Decine di vaccini autorizzati, quasi 2 miliardi di dosi effettive iniettate in tutto il mondo e altre centinaia di milioni di flaconcini pronti a essere utilizzati da qui ai prossimi mesi. La battaglia contro il Sars-CoV-2 procede a gonfie vele e, mai come adesso, la luce in fondo al tunnel appare così vicina. Gli ultimi dati fotografano una situazione incoraggiante, anche se permangono evidenti disparità tra i Paesi più ricchi, dove le campagne vaccinali non destano problemi, e quelli in via di sviluppo, alle prese con importanti problemi strutturali. In ogni caso, sempre più persone sono immunizzate contro il Covid. Eppure ci sono ancora diverse domande senza risposta.

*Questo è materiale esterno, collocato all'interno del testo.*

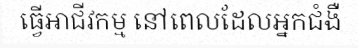
ធ្វើអាជីវកម្ម នៅពេលដែលអ្នកជំងឺ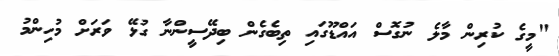
"މީގެ ކުރިން މާލެ ނުގޮސް އައްޑޫގައި ތިބެގެން ބިދޭސީންނާ ގުޅޭ ވަރަށް މުހިންމު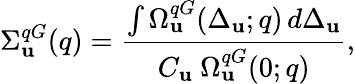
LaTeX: \Sigma_{\mathbf{u}}^{qG}(q)=\frac{{\int\Omega_{\mathbf{u}}^{qG}(\Delta_{\mathbf{u}};q)\, d\Delta_{\mathbf{u}}}}{{C_{\mathbf{u}}\ \Omega_{\mathbf{u}}^{qG}(0;q)}},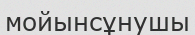
мойынсұнушы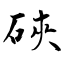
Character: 硤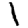
Digit: 1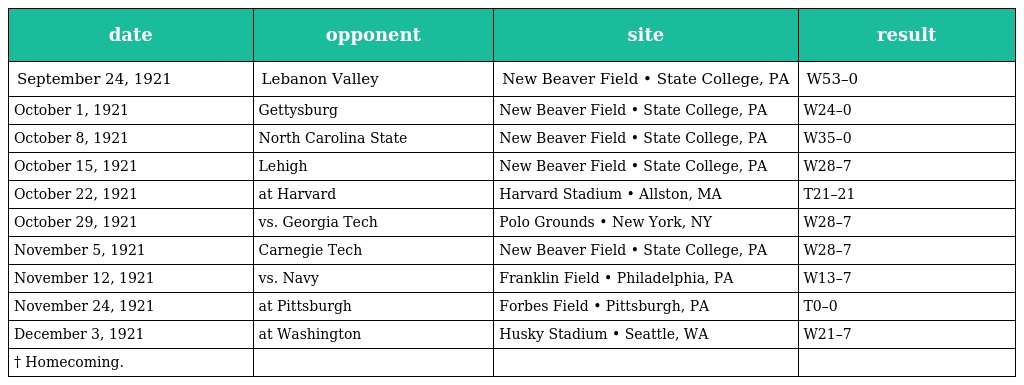
| date | opponent | site | result |
 | --- | --- | --- | --- |
 | September 24, 1921 | Lebanon Valley | New Beaver Field • State College, PA | W53–0 |
 | October 1, 1921 | Gettysburg | New Beaver Field • State College, PA | W24–0 |
 | October 8, 1921 | North Carolina State | New Beaver Field • State College, PA | W35–0 |
 | October 15, 1921 | Lehigh | New Beaver Field • State College, PA | W28–7 |
 | October 22, 1921 | at Harvard | Harvard Stadium • Allston, MA | T21–21 |
 | October 29, 1921 | vs. Georgia Tech | Polo Grounds • New York, NY | W28–7 |
 | November 5, 1921 | Carnegie Tech | New Beaver Field • State College, PA | W28–7 |
 | November 12, 1921 | vs. Navy | Franklin Field • Philadelphia, PA | W13–7 |
 | November 24, 1921 | at Pittsburgh | Forbes Field • Pittsburgh, PA | T0–0 |
 | December 3, 1921 | at Washington | Husky Stadium • Seattle, WA | W21–7 |
 | † Homecoming. |  |  |  |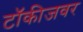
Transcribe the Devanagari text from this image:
टॉकीजवर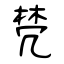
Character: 棾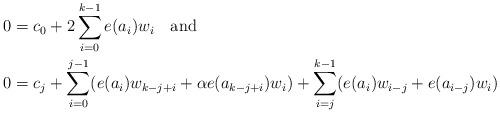
LaTeX: \begin{align*}0 & = c_0 + 2\sum_{i=0}^{k-1}e(a_i) w_i\quad\mbox{and} \\0 & = c_j + \sum_{i=0}^{j-1}(e(a_i) w_{k-j+i} + \alpha e(a_{k-j+i}) w_i) + \sum_{i=j}^{k-1}(e(a_i) w_{i-j} + e(a_{i-j}) w_i)\end{align*}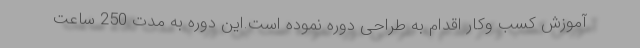
آموزش کسب وکار اقدام به طراحی دوره نموده است.این دوره به مدت 250 ساعت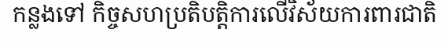
កន្លងទៅ កិច្ចសហប្រតិបត្តិការលើវិស័យការពារជាតិ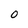
Character: O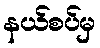
နယ်စပ်မှ

Una volta che un cittadino qualunque riceverà la sua doppia dose, sarà per sempre protetto contro il Sars-CoV-2? Gli esperti sono al lavoro per capire dopo quanto tempo le persone completamente vaccinate avranno bisogno di ulteriori richiami e, soprattutto, se sarà possibile iniettare un vaccino diverso rispetto al primo ricevuto. “Come sappiamo, il Covid non scomparirà presto e sappiamo che gli anticorpi diminuiscono nel tempo, quindi sarà necessaria una spinta in qualche momento. Non posso prevedere quando”, ha affermato al Wall Street Journal John Beigel, direttore associato per la ricerca clinica presso la Divisione di microbiologia e malattie infettive, dell’Istituto nazionale americano di allergie e malattie infettive.

I due nodi da sciogliere

Negli Stati Uniti sono in corso varie prove per cercare di sciogliere il nodo dell’immunità e quello della diversità tra i vaccini. Detto in altre parole, gli scienziati hanno intenzione di far luce su due aspetti. Innanzitutto, per quanto tempo i vaccinati possono vantare la loro immunità contro il virus? Sappiamo che l’immunità indotta da un vaccino contro la maggior parte delle malattie diminuisce con il passare del tempo. Ma poco o niente sappiamo del comportamento immunitario dei vaccini anti Covid.

La comunità scientifica deve identificare al più presto una soglia: quello sotto il quale il livello di immunità è troppo basso per proteggere le persone. Dopo di che devono chiedersi quanto tempo impiegherà l’immunità per decadere fino al di sotto di quel livello. Se dare una risposta a questa domanda è ostico, ancor più complesso è risolvere il secondo enigma. Ossia: una persona completamente vaccinata – ipotizziamo – con il vaccino Pfizer-BioNTech a febbraio, potrà ricevere, in futuro, la terza dose di Moderna o dovrà mantenersi sul Pfizer? Ci sono vantaggi nel passare da un vaccino all’altro oppure tutto ciò comporterà dei rischi?

Anticorpi, immunità, combinazioni di vaccini

I campioni di sangue delle prime persone vaccinate un anno fa potranno aiutare gli esperti a determinare se gli anticorpi continueranno a esistere o svaniranno e, in quest’ultimo caso, in quanto tempo spariranno dai radar. Le prime ricerche lasciavano ipotizzare che gli anticorpi resistessero per almeno sei mesi, fatta eccezione delle varianti di Covid che in teoria possono complicare lo scenario. Altri studi sostengono che gli anticorpi diminuiscono dopo che le persone si sono riprese dall’infezione, ma solo fino a un certo punto. Dopo una data soglia, i suddetti anticorpi si stabilizzerebbero e persisterebbero per quasi un anno.

Capitolo vaccini: il rebus si complica. Chi, ad esempio, ha ricevuto il monodose Johnson & Johnson a gennaio, nel prossimo futuro, in vista della terza dose, potrà cambiare marchio o dovrà mantenere lo stesso vaccino? Occorrono sperimentazioni per testare quali combinazioni funzioneranno meglio. Potrebbe anche avvenire la stessa cosa che accade con il vaccino anti influenzale: la maggior parte delle persone non sa quale azienda produce il vaccino che riceve ogni anno. E per quanto riguarda l’immunità, è sì possibile che le persone vaccinate possano ammalarsi dopo un certo lasso di tempo. Ma è anche plausibile che il loro sistema immunitario riesca comunque a riconoscere il virus e schermarlo. “Non lo sappiamo per certo”, ripetono in coro gli esperti.